When I sat down to talk to Khumariyaan, one of the most happening bands currently on the local music circuit, one thing was obvious: the quartet possessed energy that was four times higher than what you’d expect. Although they’ve been around for a while, since 2008 to be precise, it was their gig on Coke Studio and their Lux Style Award winning track, Ya Qurban that garnered quite a lot of attention.

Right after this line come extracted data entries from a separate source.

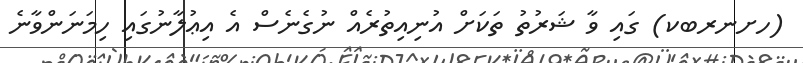
(ހށނރބކ) ގައި ވާ ޝަރުތު ތަކަށް އުނިއިތުރެއް ނުގެނެސް އެ އިޢުލާނުގައި ހިމަނަންވާނެ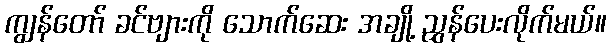
ကျွန်တော် ခင်ဗျားကို သောက်ဆေး အချို့ ညွှန်ပေးလိုက်မယ်။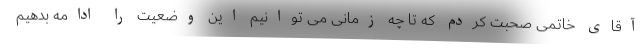
آقای خاتمی صحبت کردم که تا چه زمانی می توانیم این وضعیت را ادامه بدهیم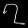
Digit: ၇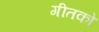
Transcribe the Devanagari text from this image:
गीतको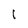
Character: 1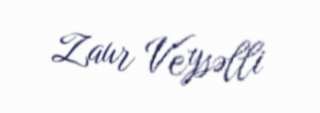
Zaur Veysəlli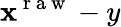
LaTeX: \mathbf{x}^{\mathrm{{~r~a~w~}}}-y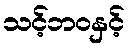
သင့်ဘဝနှင့်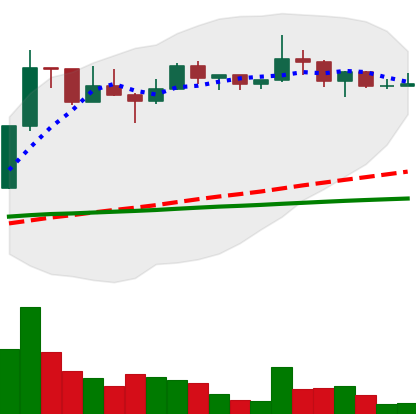
Ticker: LTC-USD
Chart end date: 2022-12-11
Forward return: -13.443%
Label: down_7plus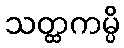
သတ္ထကမ္ပိ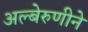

Khumariyaan, literally meaning ‘people in a state of intoxication’, started like most other bands — some friends from Peshawar were just hanging out, jamming and having fun. Aamer Shafiq, Farhan Bogra and Shiraz Khan were studying at the Institute of Management Sciences in Peshawar and shared the love for music. The trio met Sparlay Rawail when they came to Islamabad to participate in the 2010 Battle of the Bands. They took the competition by storm with their first track, Tamasha, created spontaneously that very day. They called it Tamasha (ruckus) because it was extemporaneous magic. Shafiq explained,

“Each one of us brings our own element to Khumariyaan’s sound. Shiraz would play a beat and I would start giving a rhythm to him. Sparlay would lay his leads on it and Farhan would add the rubab. It can start from any one of us.”

In 2016, Tamasha got Khumariyaan their first nomination at the 15th Lux Style Awards. However, they lost to Ali Zafar’s Rockstar. Shafiq adds,

“Initially, people insisted that we add a vocalist and lyrics to our compositions. Instrumentals had a very limited audience. But there was still opportunity — it was a void that Khumariyaan filled. Now that it has clicked, we have flexibility for experimentation. We can always have a featuring artist, be it a vocalist or some instrument player.”

Photo: Instagram/Khumariyaan

Farhan plays the rubab, Aamer plays the rhythm guitar, Sparlay is on the lead guitar and sometimes the Khattak dhol while Shiraz provides the beats with a djembe. Bogra shares,

“We continue to improvise on stage and our audiences enjoy it. We feed off of their reactions and that brings out the signature Khumariyaan spontaneity in our live acts. Because we don’t have vocal-based music, it reaches out to a global audience. Language can be limiting but instrumental music helps you break that barrier. A hundred people relate to an instrumental in a hundred different ways.

We also wanted to highlight our folk instruments, some of which have almost become extinct. We started using a sehtar in our music which is an elongated version of a Chitrali lute. When I picked the instrument up, there was only one maker and one player of it left, Ustad Zainullah. We requested him to jam with us. We are trying to make the sehtar popular again. This is an instrument that has been played for centuries but is now on the verge of extinction. We want to promote such endangered instruments through our music.”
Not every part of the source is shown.